One major advantage of using a non-collimated beam from a simple cleaved fiber end is that careful fiber-target alignment using focusing lenses is not required. When tested on an optically polished aluminum target, the maximum possible misalignment at which the interferometer would still work was ±10°. The setup and misalignment can be seen in Figure 13. This feature greatly reduces set-up time, as precise alignment is not required for the fiber-target pair during assembly. However, although the system can function with high degrees of misalignment, it is not advised to operate at those limits without careful consideration of the beam path, to reduce displacement uncertainty. In our experimental arrangement, achieving good alignment is accomplished by moving the target perpendicular to fiber axis and adjusting target angular orientation to minimize changes in cavity length. The system aligned in this way will show only surface waviness without any distinct slope present in monitored signal.

Figure 13.

Fiber target misalignment experimental set-up.

Typical laser interferometer systems require an optically polished target surface to operate properly. Because the immediate application for our interferometer is the tracking of specimen surfaces during nanomechanical testing, we tested how our system behaves when the target surface is of significantly poorer optical quality using a set of targets made from common nanoindentation specimens.

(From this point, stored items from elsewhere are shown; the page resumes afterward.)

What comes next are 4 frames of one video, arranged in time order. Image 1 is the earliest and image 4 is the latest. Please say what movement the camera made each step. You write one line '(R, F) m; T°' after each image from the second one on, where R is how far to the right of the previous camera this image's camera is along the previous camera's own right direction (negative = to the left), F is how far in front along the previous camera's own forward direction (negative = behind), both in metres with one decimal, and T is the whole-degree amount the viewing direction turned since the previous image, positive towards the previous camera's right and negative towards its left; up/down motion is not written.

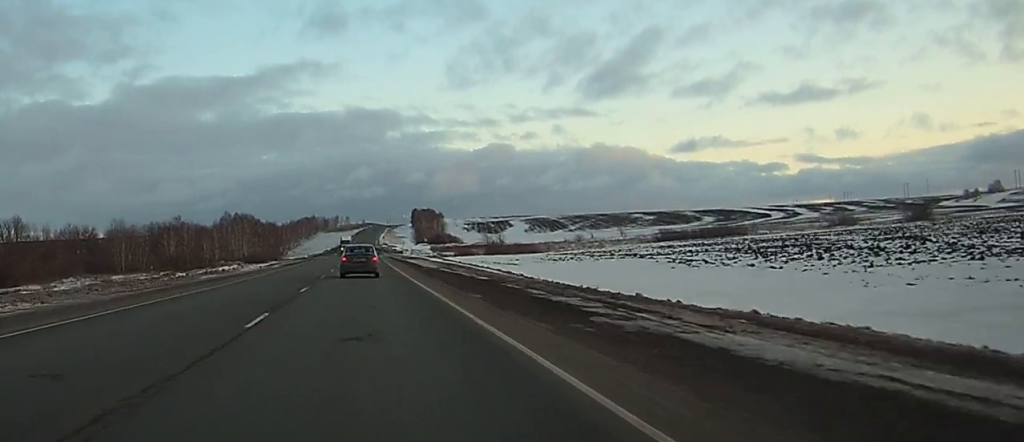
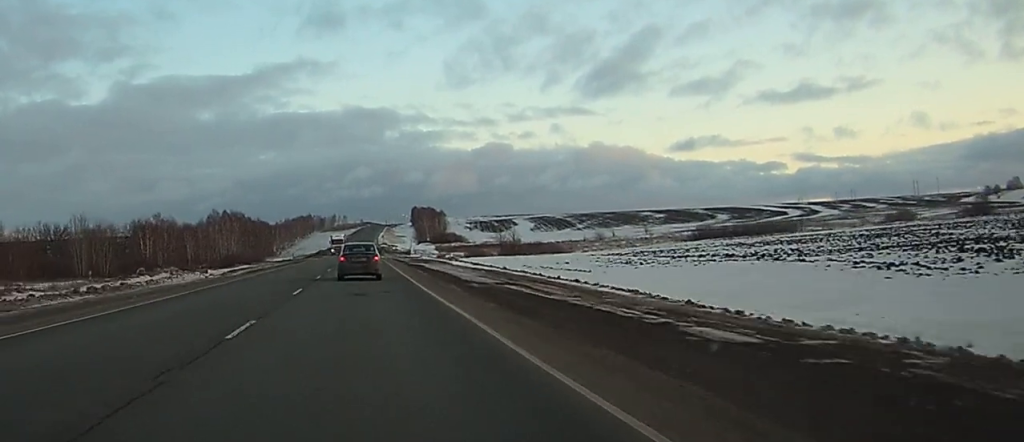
(+0.1, +26.8) m; 0°
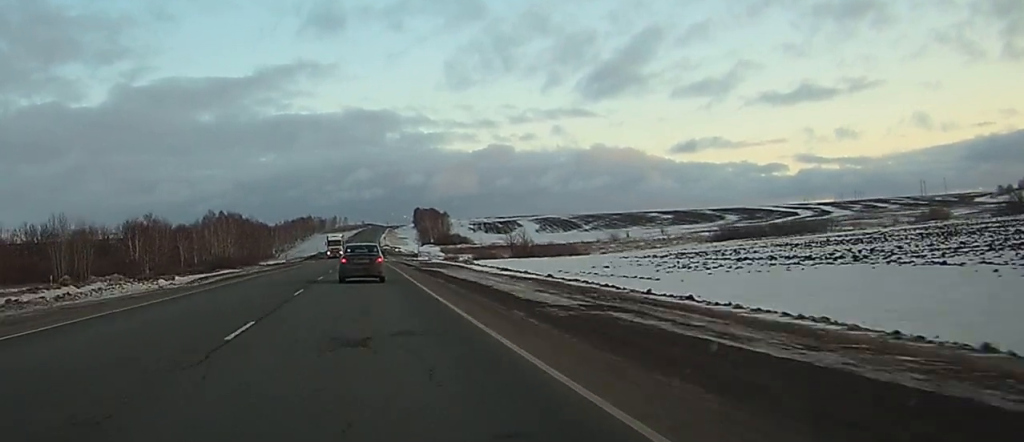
(0.0, +12.4) m; 0°
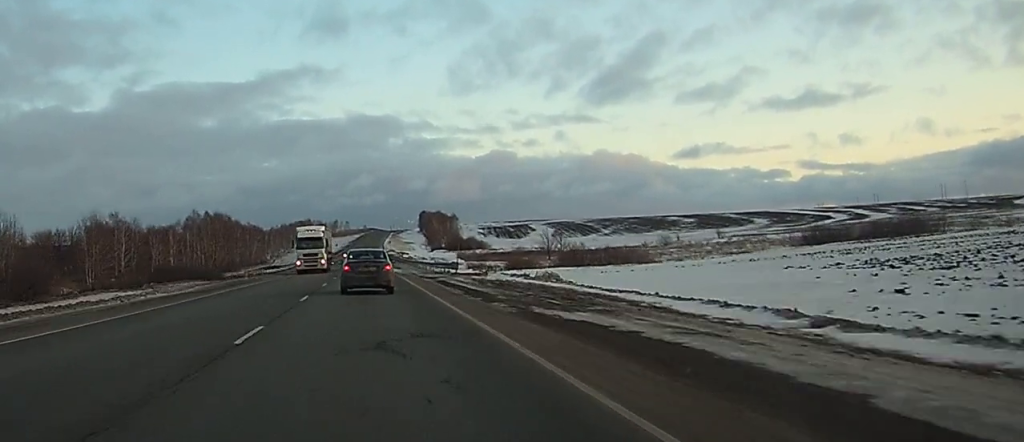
(-0.1, +36.5) m; 0°
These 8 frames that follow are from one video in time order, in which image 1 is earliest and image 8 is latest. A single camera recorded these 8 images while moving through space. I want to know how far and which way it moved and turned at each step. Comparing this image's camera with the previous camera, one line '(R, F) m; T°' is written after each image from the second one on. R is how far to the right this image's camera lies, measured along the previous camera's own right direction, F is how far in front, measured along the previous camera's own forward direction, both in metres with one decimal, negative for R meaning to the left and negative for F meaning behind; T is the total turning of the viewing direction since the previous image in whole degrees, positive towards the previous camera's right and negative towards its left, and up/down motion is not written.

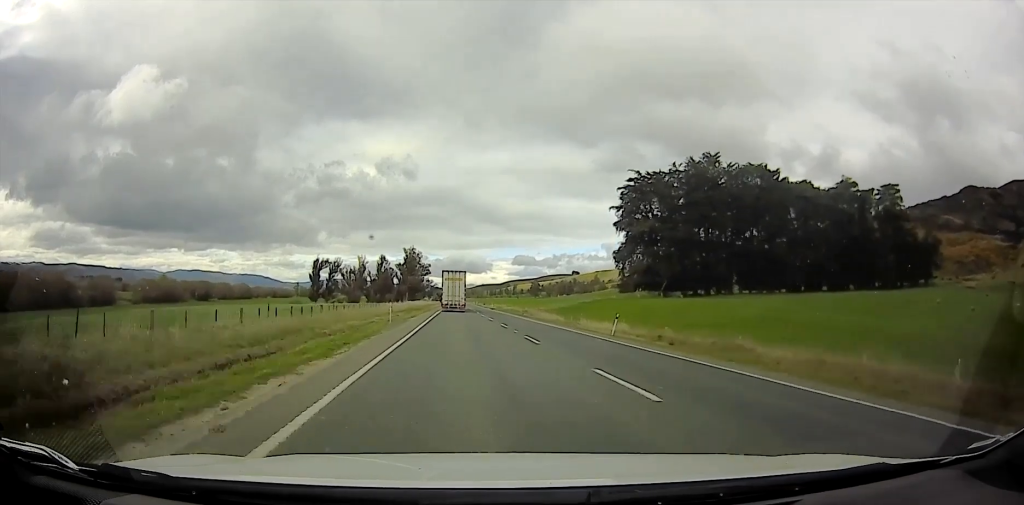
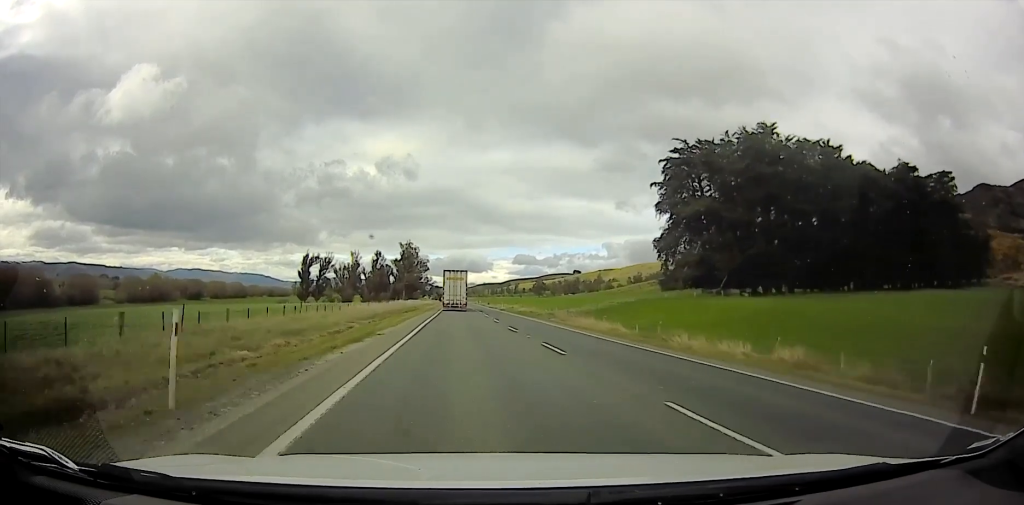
(0.0, +21.1) m; 0°
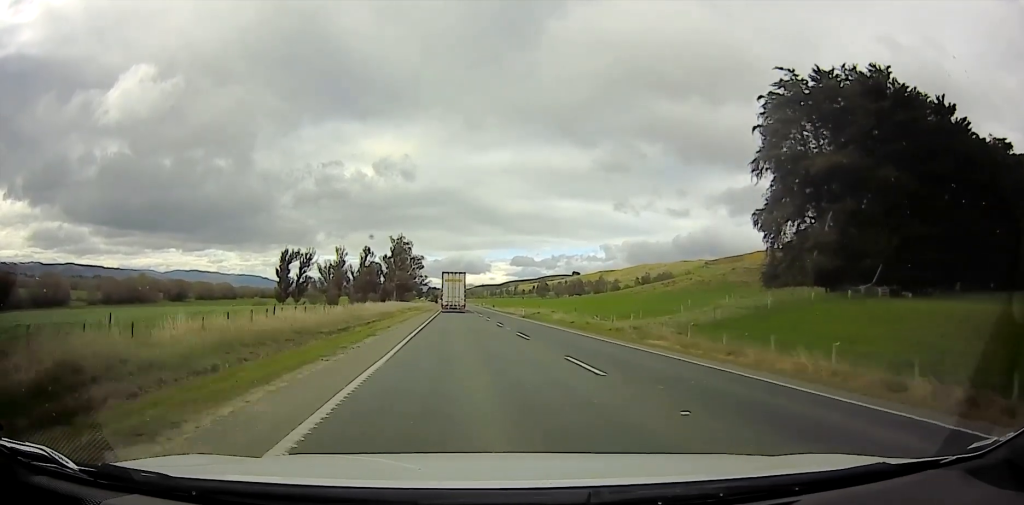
(+0.1, +32.4) m; +1°
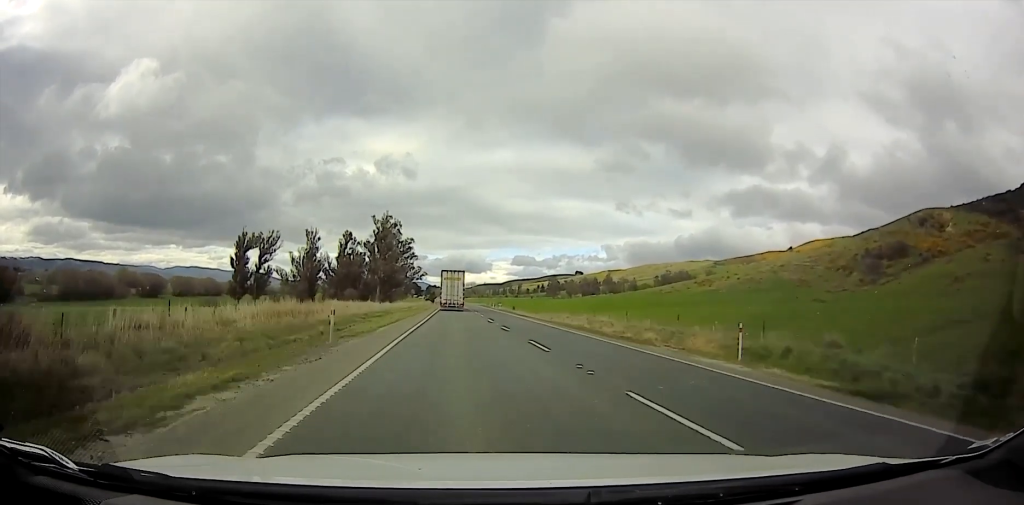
(+1.2, +67.4) m; +1°
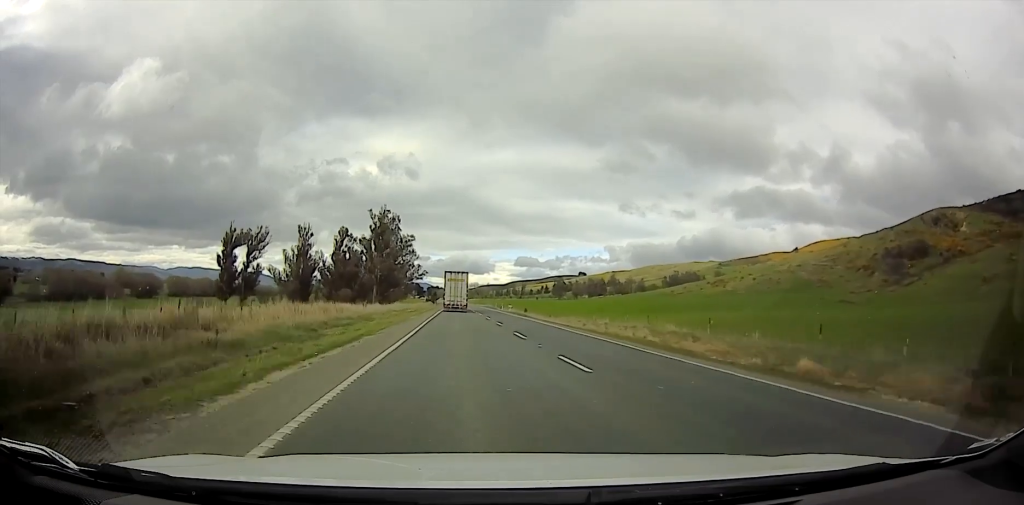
(-0.2, +18.5) m; 0°
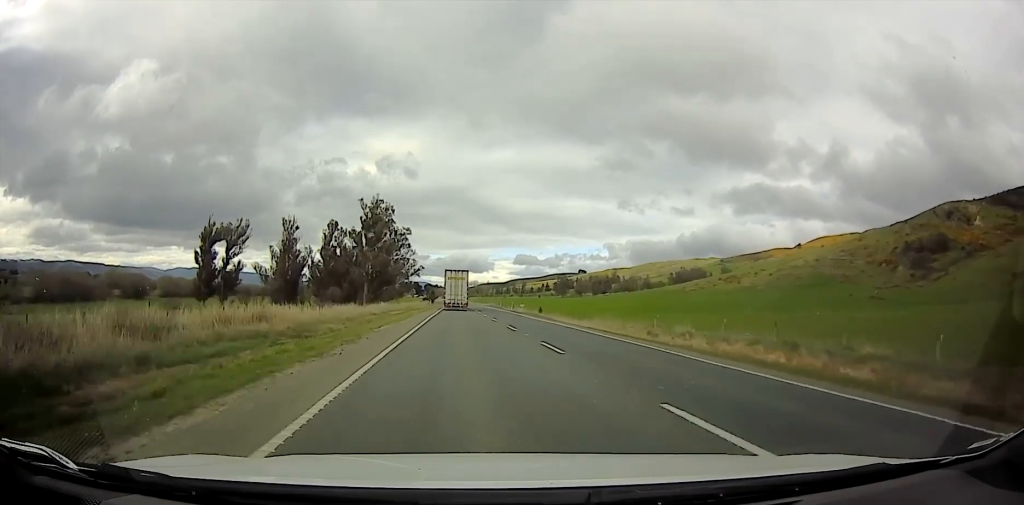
(+0.1, +22.4) m; 0°
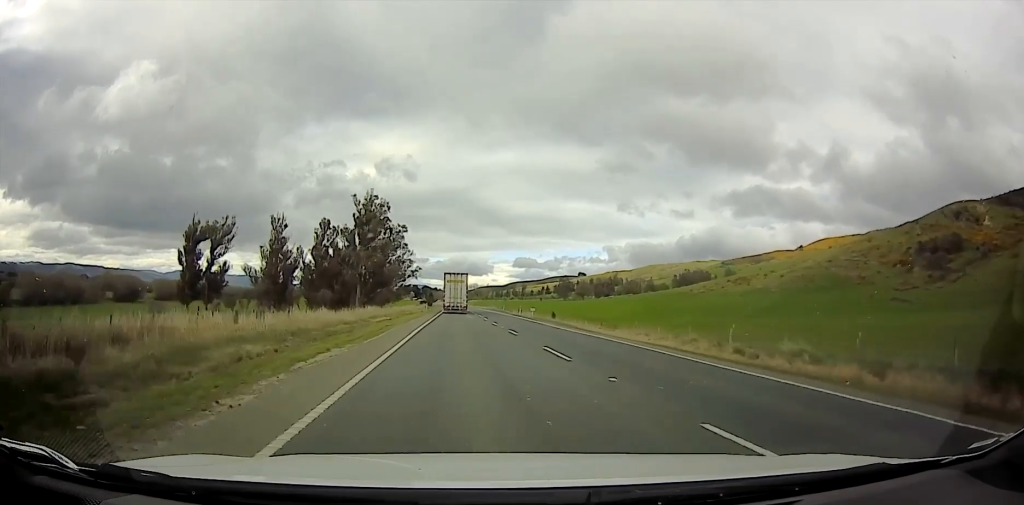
(+0.1, +14.8) m; 0°
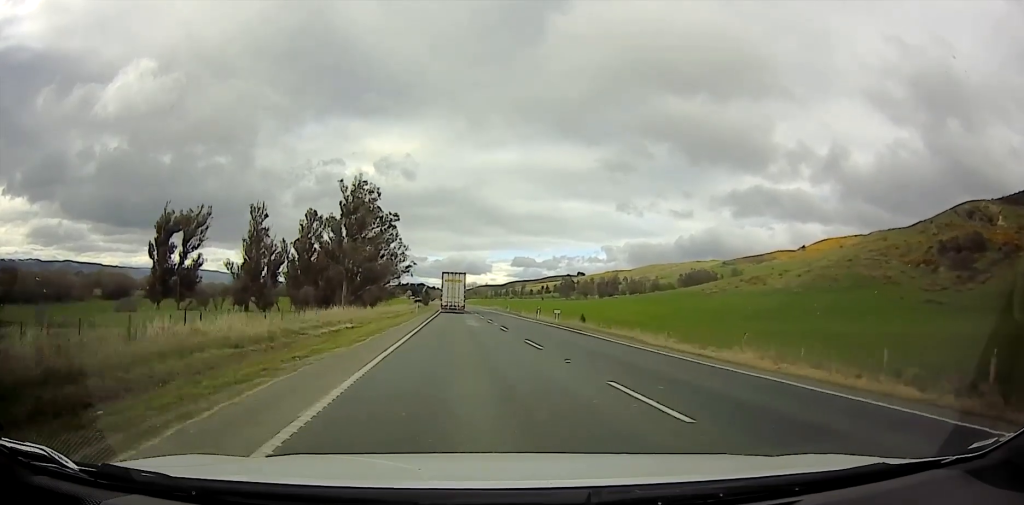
(0.0, +22.2) m; 0°

They are presented in Figure 14. In order, they are: 1) a cured epoxy resin, 2) poly (methyl methacrylate), 3) a polished polycrystalline ceramic, 4) a silicon wafer, and 5) high-density polyethylene. The results are summarized in Table 2.

Figure 14.

A variety of materials that all created functional Fabry-Perot cavities, 1) a cured, unpolished epoxy resin, 2) polished poly (methyl methacrylate), 3) polished polycrystalline alumina, 4) a polished silicon wafer, and 5) polished high-density polyethylene.

Table 2.

Peak to peak fringe measurements and surface roughness values for 7 surfaces tested.

Specimen material	Roughness Ra [μm]	Detector signal pk-pk [mV]	Operational?
1. Cured epoxy resin (unpolished)	2.104	48	Borderline
2. PMMA (polished)	0.021	72	Yes
3. Polycrystalline alumina (polished)	0.101	81	Yes
4. Silicon wafer (polished)	0.021	176	Yes
5. HDPE (polished)	0.563	59	Yes
6. Aluminum, mirror-polished	0.022	434	Yes
7. Aluminum, 600 grit sanding	0.456	100	Yes

Although there were large differences in the surface roughness and in the magnitude of the detector signal across the set of tested target surfaces, with the exception of the cured epoxy resin there was no distinguishable difference between any of those samples and a polished aluminum mirror in the performance of the system, i.e., in the reliability or speed of the motion tracking. The interferometer system was stable and the noise level remained constant at 0.71 nm Hz^−1/2.

3.0 Conclusions

It has been demonstrated that the new EFPI can provide sub-nanometer resolution displacement measurement in a very compact and unobtrusive sensing volume. Utilizing wavelength modulation, it is shown that this sensitivity can extend to ranges of up to tens of millimeters. However, it is necessary to implement empirical corrections to the modulation response to extract the correct displacement. The strategy adopted in this paper analyzes data from each fringe and updates the modulation width and photodetector offsets as needed. Additional compensation is necessary to take into account the deviation from sinusoidal shape with each fringe; this is achieved by sweeping over the full range of motion to create a look-up table, followed by post-processing of the data to reduce errors to within a few nanometers.

Notwithstanding the complexities of implementing this interferometer, it is surprisingly insensitive to misalignment, as well as to the composition and the roughness of the external counter-surface. Typically, for the simplest of experimental set-ups, misalignments would be less than a few degrees, while even for extreme misalignments of up to 10° fringe contrast was affected very little. Its performance, in terms of displacement accuracy and stability, is comparable to some commercially available interferometers [18], but with a much more compact and versatile sensor. In its current form, it is however limited to a maximum cavity length of approximately 25 mm.